To the best of our knowledge, Akkio is the first dynamic locality management service for geo-distributed data store systems that migrates data at microshard granularity, offers strong consistency, and operates at Facebook scale.
…wow. This is like nothing I’ve ever read. It delves deep into Facebook’s solution for how to map a file to a datacenter, and the results are impressive:
(Akkio has resulted in a) 50 percent reduction of the corresponding WAN traffic and an approximately 50 percent reduction in perceived latency.
Facebook has written a paper on Akkio and will be presenting it at OSDI 2018.
Pete Warden has been writing great stuff recently. Here’s his latest:
When I talk to people about machine learning on phones and devices I often get asked “What’s the killer application?“. I have a lot of different answers, everything from voice interfaces to entirely new ways of using sensor data, but the one I’m most excited about in the near-team is compression. Despite being fairly well-known in the research community, this seems to surprise a lot of people, so I wanted to share some of my personal thoughts on why I see compression as so promising.
The whole post is short and fascinating. This is an entire area that I hadn’t spent literally any time thinking about, but it makes a ton of sense.

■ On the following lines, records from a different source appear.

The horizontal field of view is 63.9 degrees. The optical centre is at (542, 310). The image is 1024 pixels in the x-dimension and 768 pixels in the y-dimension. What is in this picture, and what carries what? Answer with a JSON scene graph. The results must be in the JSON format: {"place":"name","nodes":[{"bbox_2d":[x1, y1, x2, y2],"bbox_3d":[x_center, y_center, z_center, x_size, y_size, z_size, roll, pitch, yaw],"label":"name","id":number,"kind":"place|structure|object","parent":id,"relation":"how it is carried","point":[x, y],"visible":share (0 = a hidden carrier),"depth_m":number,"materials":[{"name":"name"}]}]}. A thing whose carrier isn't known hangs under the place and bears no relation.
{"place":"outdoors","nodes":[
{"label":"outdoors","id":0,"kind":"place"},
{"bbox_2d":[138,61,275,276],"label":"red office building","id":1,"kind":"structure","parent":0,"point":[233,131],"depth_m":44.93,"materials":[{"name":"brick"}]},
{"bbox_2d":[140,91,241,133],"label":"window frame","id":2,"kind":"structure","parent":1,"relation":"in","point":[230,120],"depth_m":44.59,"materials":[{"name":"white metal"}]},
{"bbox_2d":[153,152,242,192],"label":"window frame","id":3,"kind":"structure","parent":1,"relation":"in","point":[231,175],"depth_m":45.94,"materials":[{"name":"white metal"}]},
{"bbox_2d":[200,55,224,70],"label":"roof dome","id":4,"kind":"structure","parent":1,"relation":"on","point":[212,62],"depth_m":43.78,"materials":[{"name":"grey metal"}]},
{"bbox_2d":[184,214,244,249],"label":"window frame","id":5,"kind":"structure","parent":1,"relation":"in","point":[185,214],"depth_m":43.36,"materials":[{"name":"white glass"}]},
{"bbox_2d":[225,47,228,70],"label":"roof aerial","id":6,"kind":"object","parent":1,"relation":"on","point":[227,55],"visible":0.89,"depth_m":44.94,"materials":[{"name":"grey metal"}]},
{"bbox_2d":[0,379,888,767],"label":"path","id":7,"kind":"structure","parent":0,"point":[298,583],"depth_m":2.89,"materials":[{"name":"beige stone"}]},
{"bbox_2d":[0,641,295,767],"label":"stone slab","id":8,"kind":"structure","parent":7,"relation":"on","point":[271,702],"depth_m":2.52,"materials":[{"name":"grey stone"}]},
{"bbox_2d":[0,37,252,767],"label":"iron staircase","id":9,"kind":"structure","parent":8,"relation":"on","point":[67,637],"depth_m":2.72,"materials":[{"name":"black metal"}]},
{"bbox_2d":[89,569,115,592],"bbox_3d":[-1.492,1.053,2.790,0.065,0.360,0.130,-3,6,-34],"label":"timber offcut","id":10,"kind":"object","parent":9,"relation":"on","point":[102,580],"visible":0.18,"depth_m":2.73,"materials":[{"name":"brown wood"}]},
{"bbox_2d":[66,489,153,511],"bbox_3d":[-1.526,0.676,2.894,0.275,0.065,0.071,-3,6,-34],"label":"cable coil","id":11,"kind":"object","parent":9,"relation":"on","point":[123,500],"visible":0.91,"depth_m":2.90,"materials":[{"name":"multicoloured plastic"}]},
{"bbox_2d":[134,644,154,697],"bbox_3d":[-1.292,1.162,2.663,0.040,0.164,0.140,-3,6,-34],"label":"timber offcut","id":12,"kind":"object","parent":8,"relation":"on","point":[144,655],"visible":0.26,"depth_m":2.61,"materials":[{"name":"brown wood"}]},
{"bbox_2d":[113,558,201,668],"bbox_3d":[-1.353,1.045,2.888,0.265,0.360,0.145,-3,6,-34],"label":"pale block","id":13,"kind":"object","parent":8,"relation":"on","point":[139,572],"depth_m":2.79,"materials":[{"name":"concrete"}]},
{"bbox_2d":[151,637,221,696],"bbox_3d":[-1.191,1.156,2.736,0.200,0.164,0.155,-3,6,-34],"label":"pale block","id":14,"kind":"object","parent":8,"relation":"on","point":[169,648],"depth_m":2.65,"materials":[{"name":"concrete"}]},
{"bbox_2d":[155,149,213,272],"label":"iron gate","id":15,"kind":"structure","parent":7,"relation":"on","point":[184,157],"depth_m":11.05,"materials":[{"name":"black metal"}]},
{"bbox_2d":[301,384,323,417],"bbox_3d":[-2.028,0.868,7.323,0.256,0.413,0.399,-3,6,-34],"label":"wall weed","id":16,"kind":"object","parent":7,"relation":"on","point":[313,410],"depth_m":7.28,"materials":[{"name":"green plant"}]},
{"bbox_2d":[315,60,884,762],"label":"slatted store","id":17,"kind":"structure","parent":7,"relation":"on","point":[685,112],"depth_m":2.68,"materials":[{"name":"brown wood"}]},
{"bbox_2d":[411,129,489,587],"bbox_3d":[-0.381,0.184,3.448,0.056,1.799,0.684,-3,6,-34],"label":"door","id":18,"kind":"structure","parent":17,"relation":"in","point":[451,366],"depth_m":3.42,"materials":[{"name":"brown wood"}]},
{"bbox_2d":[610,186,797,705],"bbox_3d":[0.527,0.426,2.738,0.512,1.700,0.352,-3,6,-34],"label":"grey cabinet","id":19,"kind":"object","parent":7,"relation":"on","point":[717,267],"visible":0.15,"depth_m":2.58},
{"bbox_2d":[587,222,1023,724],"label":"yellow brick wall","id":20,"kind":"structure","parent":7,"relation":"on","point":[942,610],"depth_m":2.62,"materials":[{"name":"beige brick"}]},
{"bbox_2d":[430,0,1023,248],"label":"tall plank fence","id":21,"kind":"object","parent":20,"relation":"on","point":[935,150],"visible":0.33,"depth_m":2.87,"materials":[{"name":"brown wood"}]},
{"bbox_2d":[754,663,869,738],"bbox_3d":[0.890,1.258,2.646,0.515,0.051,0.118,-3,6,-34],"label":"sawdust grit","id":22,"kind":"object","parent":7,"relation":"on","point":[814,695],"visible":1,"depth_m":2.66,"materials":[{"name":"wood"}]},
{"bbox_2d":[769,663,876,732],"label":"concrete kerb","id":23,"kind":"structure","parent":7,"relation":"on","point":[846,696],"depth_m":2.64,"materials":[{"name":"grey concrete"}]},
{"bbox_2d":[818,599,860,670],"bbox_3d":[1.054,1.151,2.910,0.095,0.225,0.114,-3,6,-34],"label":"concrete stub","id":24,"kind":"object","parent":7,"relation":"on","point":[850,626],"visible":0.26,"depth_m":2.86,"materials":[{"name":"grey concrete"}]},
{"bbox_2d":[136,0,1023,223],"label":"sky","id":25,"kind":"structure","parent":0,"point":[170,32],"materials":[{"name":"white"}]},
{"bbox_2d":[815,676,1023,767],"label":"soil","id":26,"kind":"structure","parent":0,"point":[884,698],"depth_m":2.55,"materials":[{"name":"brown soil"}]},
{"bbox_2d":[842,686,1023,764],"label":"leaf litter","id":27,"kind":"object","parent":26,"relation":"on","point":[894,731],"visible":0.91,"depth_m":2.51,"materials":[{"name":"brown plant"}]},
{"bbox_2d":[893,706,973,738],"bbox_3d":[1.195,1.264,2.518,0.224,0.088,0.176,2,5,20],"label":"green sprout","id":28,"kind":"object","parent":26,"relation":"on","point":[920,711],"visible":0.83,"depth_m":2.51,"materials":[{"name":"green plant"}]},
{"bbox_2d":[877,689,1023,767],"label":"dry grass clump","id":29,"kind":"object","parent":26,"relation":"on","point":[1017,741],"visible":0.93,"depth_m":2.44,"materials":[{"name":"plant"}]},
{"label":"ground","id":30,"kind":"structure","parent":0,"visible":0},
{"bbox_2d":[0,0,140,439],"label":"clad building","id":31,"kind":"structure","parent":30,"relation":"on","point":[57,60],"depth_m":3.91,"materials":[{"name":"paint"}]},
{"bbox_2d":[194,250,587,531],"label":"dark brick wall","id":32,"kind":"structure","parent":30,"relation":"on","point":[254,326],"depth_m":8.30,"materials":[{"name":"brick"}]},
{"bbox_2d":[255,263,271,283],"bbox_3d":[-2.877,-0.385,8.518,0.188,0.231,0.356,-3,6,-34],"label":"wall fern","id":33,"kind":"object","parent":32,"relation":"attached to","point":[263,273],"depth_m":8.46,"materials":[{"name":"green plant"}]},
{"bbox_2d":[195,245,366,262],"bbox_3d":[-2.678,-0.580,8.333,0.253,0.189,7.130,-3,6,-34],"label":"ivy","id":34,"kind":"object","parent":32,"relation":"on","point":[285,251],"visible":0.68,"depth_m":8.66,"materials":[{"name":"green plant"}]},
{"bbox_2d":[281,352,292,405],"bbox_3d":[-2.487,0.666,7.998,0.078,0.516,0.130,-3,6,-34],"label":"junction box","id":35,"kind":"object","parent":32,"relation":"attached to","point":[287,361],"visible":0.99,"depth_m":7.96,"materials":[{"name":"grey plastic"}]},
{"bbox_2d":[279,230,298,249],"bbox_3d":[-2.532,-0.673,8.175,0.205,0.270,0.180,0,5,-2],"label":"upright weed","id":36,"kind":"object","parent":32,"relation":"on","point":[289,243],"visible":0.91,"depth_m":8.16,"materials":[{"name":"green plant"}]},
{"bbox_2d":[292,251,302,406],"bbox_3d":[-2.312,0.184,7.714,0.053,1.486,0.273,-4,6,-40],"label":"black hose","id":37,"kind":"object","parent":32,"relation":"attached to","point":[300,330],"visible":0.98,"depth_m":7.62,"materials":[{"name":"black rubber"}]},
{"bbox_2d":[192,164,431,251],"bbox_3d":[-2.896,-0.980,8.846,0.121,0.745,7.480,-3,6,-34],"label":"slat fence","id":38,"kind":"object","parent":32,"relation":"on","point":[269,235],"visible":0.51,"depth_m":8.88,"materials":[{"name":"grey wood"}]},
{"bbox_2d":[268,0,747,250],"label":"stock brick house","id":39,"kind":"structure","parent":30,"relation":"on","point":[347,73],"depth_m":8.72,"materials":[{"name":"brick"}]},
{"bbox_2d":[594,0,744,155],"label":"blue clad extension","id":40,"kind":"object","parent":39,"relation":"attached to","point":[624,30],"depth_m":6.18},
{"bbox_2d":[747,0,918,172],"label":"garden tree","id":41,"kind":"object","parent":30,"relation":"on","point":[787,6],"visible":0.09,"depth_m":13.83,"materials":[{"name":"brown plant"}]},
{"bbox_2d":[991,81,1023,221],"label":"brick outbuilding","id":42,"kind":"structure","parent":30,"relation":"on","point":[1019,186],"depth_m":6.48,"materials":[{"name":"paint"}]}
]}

Most marketers don’t know how to develop websites, but they still use CMSes that allow them to make constructive edits to live ones. Similarly, this post proposes methods for getting data scientists and analysts to impact customers directly, while doing so safely.

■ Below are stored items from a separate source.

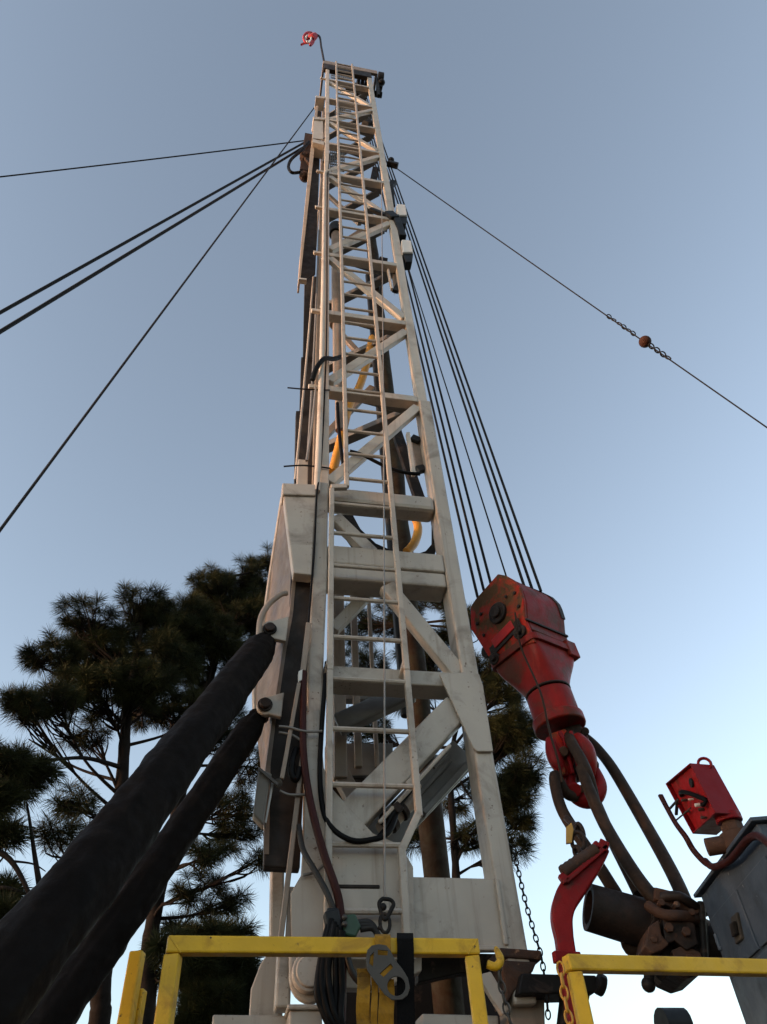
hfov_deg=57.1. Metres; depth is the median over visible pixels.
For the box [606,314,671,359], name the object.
line weight
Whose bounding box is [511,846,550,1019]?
chain
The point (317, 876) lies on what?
hose
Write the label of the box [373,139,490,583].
hoist rope
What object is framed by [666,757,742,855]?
gauge box
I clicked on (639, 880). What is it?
elevator link
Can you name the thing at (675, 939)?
metal bracket
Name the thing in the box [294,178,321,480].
wire
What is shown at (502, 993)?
chain
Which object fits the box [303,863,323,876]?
tie wire
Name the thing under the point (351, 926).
hose connector
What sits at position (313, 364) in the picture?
wire
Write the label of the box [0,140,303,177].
guy line
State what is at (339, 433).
hose
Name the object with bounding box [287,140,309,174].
hose
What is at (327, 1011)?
hose bundle
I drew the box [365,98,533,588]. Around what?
hoist rope
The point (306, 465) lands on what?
rod
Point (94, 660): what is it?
pine tree
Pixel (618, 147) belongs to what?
sky
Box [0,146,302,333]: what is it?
guy line
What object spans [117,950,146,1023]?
guard rail
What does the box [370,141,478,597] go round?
hoist rope
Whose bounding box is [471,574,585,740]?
travelling block
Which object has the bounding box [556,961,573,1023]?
chain
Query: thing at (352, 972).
hose
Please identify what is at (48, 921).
hydraulic ram
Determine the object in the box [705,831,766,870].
hose
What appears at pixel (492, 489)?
hoist rope
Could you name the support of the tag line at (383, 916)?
hanging from the drilling mast
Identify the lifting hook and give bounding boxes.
[545,724,606,808]
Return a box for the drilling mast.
[249,61,536,1015]
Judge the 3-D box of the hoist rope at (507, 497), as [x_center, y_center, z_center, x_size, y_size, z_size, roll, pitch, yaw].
[0.507,-5.886,14.085,1.090,19.560,0.031,-11,-46,7]
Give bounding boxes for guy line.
[0,107,314,531]
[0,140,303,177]
[0,142,303,314]
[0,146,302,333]
[396,168,766,427]
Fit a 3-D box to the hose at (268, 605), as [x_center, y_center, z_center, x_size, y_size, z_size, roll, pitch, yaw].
[-0.945,0.863,6.003,0.254,0.552,0.060,14,-49,-17]
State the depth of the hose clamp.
4.19 m
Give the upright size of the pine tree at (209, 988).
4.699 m
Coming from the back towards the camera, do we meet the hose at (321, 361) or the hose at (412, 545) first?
the hose at (321, 361)
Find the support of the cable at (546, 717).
hanging from the travelling block
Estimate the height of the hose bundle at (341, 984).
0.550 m
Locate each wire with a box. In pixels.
[279,725,321,732]
[279,731,307,739]
[279,789,304,795]
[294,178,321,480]
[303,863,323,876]
[305,387,316,461]
[307,230,319,459]
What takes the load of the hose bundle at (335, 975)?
hanging from the hose clamp
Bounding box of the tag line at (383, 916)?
[377,182,395,933]
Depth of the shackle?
4.65 m
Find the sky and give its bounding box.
[0,0,766,1023]
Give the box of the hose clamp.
[323,908,342,929]
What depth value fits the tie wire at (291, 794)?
4.85 m
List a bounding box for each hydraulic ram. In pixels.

It’s a great topic: data teams will have far more impact if their code can be more customer-facing.
Another FlowingData gem. In this post, Nathan takes a fairly straightforward population dataset, asks it 10 different questions, and visualizes the answer to each. Each viz is distinct and perfectly designed to answer that particular question.
In order to create great visualizations, you have to be clear about the question you’re asking.
This post does an amazing job of walking through the new Pixel 3’s “Super Res Zoom” feature, an AI-enabled zoom that analyzes multiple shots from a burst to come up with a single enhanced image. The post goes through the multiple techniques they use the account for different image imperfections and shows detailed examples (as above) of the improvement.